Спасибо общественности и спасибо всем, кто был рядом и благодаря кому удалось добиться в нашем деле позитивных изменений. Осталось совершить последний шаг и отпустить нас всех домой, не давая никому таких огромных сроков. Я надеюсь на вас и буду верить в лучшее.

Хочу обратить внимание на нашу статью, по которой нас судят. Это «организация экстремистского сообщества». Текст этой статьи и она сама появились в 2004 году, и до сих пор она не претерпела никаких изменений, кроме самых <неразборчиво>. С 2004 по 2014 год наказание за нее было до 4 лет лишения свободы. С 2014 по 2016-й — от 2 до 8 лет. А с 2016-го и по сей день — от 6 до 10 лет лишения свободы. Можно предположить, что такое серьезное усиление произошло для противодействия каким-то серьезным, реальным, экстремистским преступным сообществам.

«Новое величие» таким сообществом никогда не являлось. Такое несоразмерное наказание для фигурантов данного дела является совершенно неадекватным. К слову, хочу добавить, что санкция от 6 лет предусмотрена за убийство. Разве кто-то из нас кого-то убил или совершил соразмерное преступление? Ни в коем случае. Такого и близко не было. Но тем не менее, трем молодым людям — мне, Карамзину и Костыленкову — обвинение требует назначить такие огромные, реальные наказания в виде лишения свободы. За что? Вы сами все видели и слышали. Это просто какой-то произвол. Это не соответствует ни принципу справедливости, то есть характеру и степени общественной опасности, ни принципу гуманизма. Ибо такое наказание имеет целью исключительно причинить нам физические страдания и унизить наше человеческое достоинство. Вот что на самом деле является настоящим преступлением, а не то, что приписывают и в чем обвиняют фигурантов дела «Нового величия».
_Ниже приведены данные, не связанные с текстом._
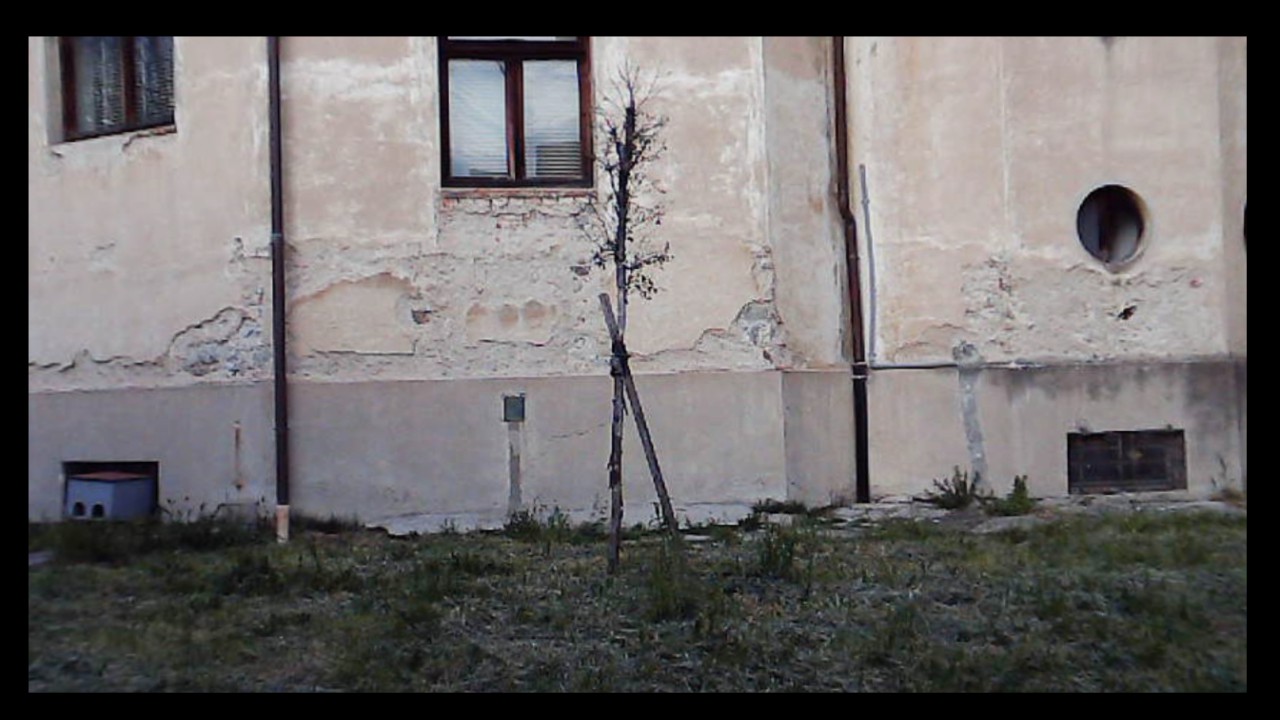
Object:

Ваша честь, я прошу вас не давать нам такие сумасшедшие сроки, которые запросил прокурор. От исхода нашего дела зависит не только наша судьба, но и в какой-то мере репутация всей судебной системы. Уверен, в ходе всех наших заседаний у вас сложилось наиболее точное <неразборчиво> мнение, в отличие от той позиции, которой придерживается обвинение. В конце концов, вы сами все видели. За эти два с половиной года мне и моим товарищи по несчастью требуют назначить наказание, равное в своей совокупности двадцати годам лишения свободы. 20 лет — это в принципе больше, чем я успел прожить до того, как меня заключили под стражу.

Неужели то, что с нами уже произошло, через какие муки мы прошли, мало для нас? У всех нас есть родные и близкие люди, которые точно так же страдают и ждут. У меня есть любимая девушка, которая сейчас в соседнем зале трансляции любит и ждет меня. У меня также есть семья, мои родители, которые нуждаются во мне.

Знаете, я не держу никакого зла ни на каких провокаторов и на всех этих недобросовестных людей, которые посадили нас и создали это дело. Я не собираюсь никому мстить. Я знаю, что все зло вернется каждому назад и зачтется. Просто хватит с нас всего этого. Пора все это заканчивать. Свободу всем политзаключенным, свободу всем нам. Спасибо всем.